Dernière mise à jour 22/12/2025

Cette page fournit des informations générales et de référence, compilées à partir de sources médicales officielles. Elle ne remplace pas un avis médical professionnel, un diagnostic ou un traitement. Pour toute décision concernant votre santé, veuillez consulter un professionnel de santé qualifié.

Présentation générale de Killpain

En bref

Propriété Description
Principe actif Kétorolac trométhamine
Classe pharmacologique Anti-inflammatoire non stéroïdien (AINS)
Présentations Comprimé, solution injectable, solution nasale, solution ophtalmique
Objectif général Soulagement de la douleur aiguë et de l'inflammation
Origine Synthétique (dérivé de l'acide pyrrolizine carboxylique)

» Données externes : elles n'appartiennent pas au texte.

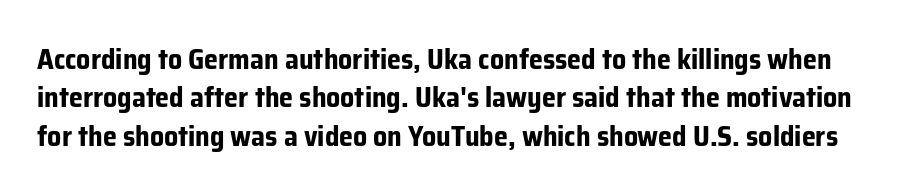
Between one letter and the next there's only the usual sliver of space. Notice how the stems are strictly vertical — no italics here. Stroke terminals: plain, sans-serif. On the weight axis this lands at bold, roughly 700. The area under the type is left untouched. Each new line begins a customary step beneath the previous one.
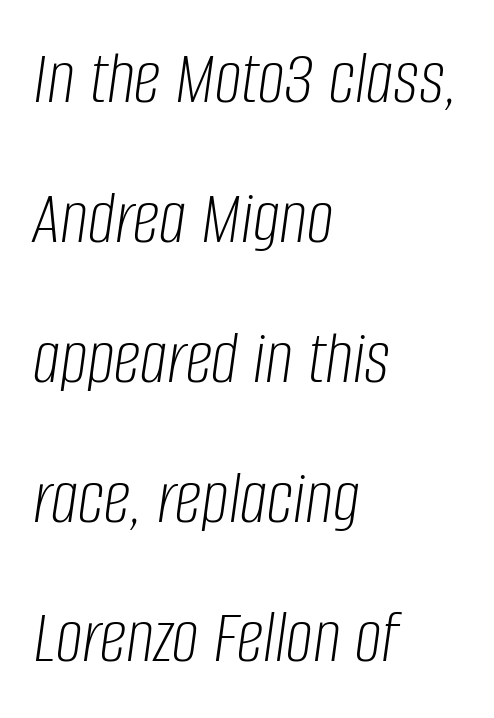
Q: Is the text bold? A: No.
Q: Is the text italic (slanted)? A: Yes, it leans right by about 8 degrees.
Q: Is the text underlined? A: No.
Q: How is the paragraph aligned? A: Left-aligned.
Q: Is the spacing between letters normal or unusually wide? A: Normal.
Q: Width (condensed, normal, or wide)? A: Condensed.
Q: Stroke contrast? A: Low.
Q: x-height? A: Large.
Q: Monospaced? A: No.

Quelle est la nature du médicament Killpain ?

Killpain est un médicament synthétique puissant et réservé à la prescription médicale. Son principe actif, le Kétorolac trométhamine, est classé dans la catégorie fondamentale des Anti-inflammatoires non stéroïdiens (AINS) et est reconnu cliniquement comme un analgésique non opioïde très efficace. Cette classification le place parmi les agents qui agissent sur la douleur et l'inflammation en inhibant le système enzymatique de la cyclooxygénase (COX). Ce qui singularise le Kétorolac au sein des AINS est sa puissance analgésique, qui permet de procurer un soulagement intense de la douleur sans présenter les propriétés de dépendance associées aux stupéfiants.

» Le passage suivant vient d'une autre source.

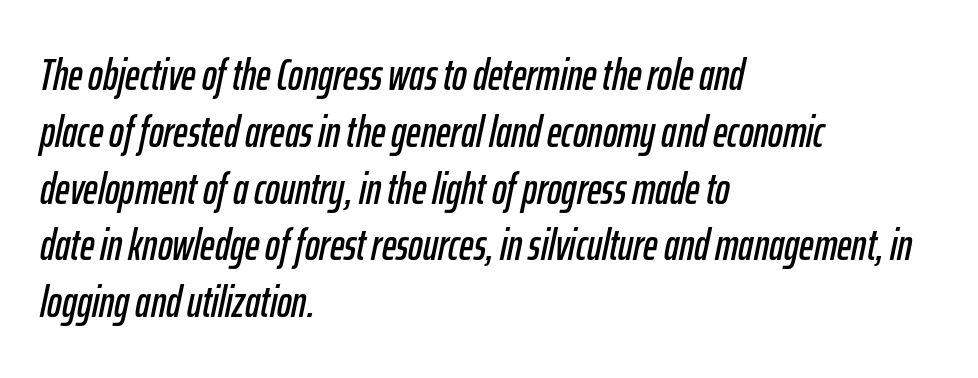
The image shows 44 px condensed type, italic (leaning right); set left-aligned, normal line spacing (1.29x), normal letter spacing, not underlined; low stroke contrast and a medium x-height.
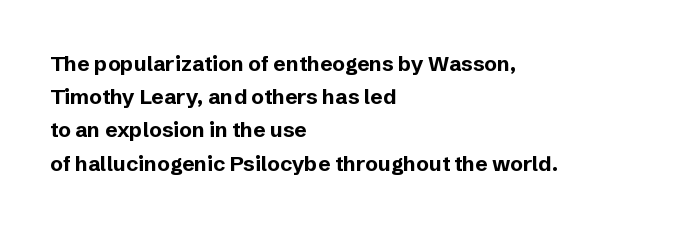
The image shows 21 px bold type, upright; set left-aligned, normal line spacing (1.58x), normal letter spacing, not underlined.

Composition et objectif thérapeutique général

La composition chimique de Killpain repose sur le Kétorolac trométhamine, une molécule dérivée de l'acide pyrrolizine carboxylique. La nature à ingrédient unique de ce médicament permet de concentrer son effet thérapeutique sur son objectif principal : le soulagement efficace des douleurs aiguës d'intensité modérée à sévère et la réduction de l'inflammation. En raison de son efficacité robuste, Killpain est souvent réservé aux situations de douleur importante, notamment après une intervention chirurgicale. Le principe actif est disponible sous diverses formes pharmaceutiques polyvalentes : le comprimé standard, des solutions pour injection (voie parentérale) pour une action rapide, ainsi que des solutions nasales et ophtalmiques spécialisées, permettant une administration adaptée de ce composé puissant.

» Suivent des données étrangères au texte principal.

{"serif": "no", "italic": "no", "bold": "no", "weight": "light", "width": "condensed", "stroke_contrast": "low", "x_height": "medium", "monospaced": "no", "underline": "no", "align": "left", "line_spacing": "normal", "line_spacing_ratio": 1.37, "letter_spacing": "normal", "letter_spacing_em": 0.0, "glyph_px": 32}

Quels effets indésirables sont possibles avec Killpain ?

Effets secondaires possibles et informations de sécurité

Killpain (Kétorolac trométhamine) est associé à un profil de sécurité officiel centré sur les risques courants de sa classe de médicaments, les Anti-inflammatoires Non Stéroïdiens (AINS).

Portée des réactions indésirables

Domaine de classification Profil de sécurité documenté officiellement
Classes de systèmes d'organes Troubles gastro-intestinaux, Troubles du système nerveux, Troubles rénaux et urinaires, et Troubles cardiovasculaires.
Réactions fréquentes Les réactions documentées chez environ 1% à 10% des patients comprennent les maux de tête, les étourdissements, la somnolence, les nausées, les douleurs abdominales, la diarrhée et l'œdème.
Réactions indésirables graves L'information indique un risque accru d'événements thrombotiques cardiovasculaires graves (par exemple, infarctus du myocarde et accident vasculaire cérébral) et d'événements gastro-intestinaux sévères (ulcération, saignement ou perforation de l'estomac ou de l'intestin), qui peuvent être fatals. D'autres événements graves incluent l'insuffisance rénale aiguë et les réactions cutanées graves.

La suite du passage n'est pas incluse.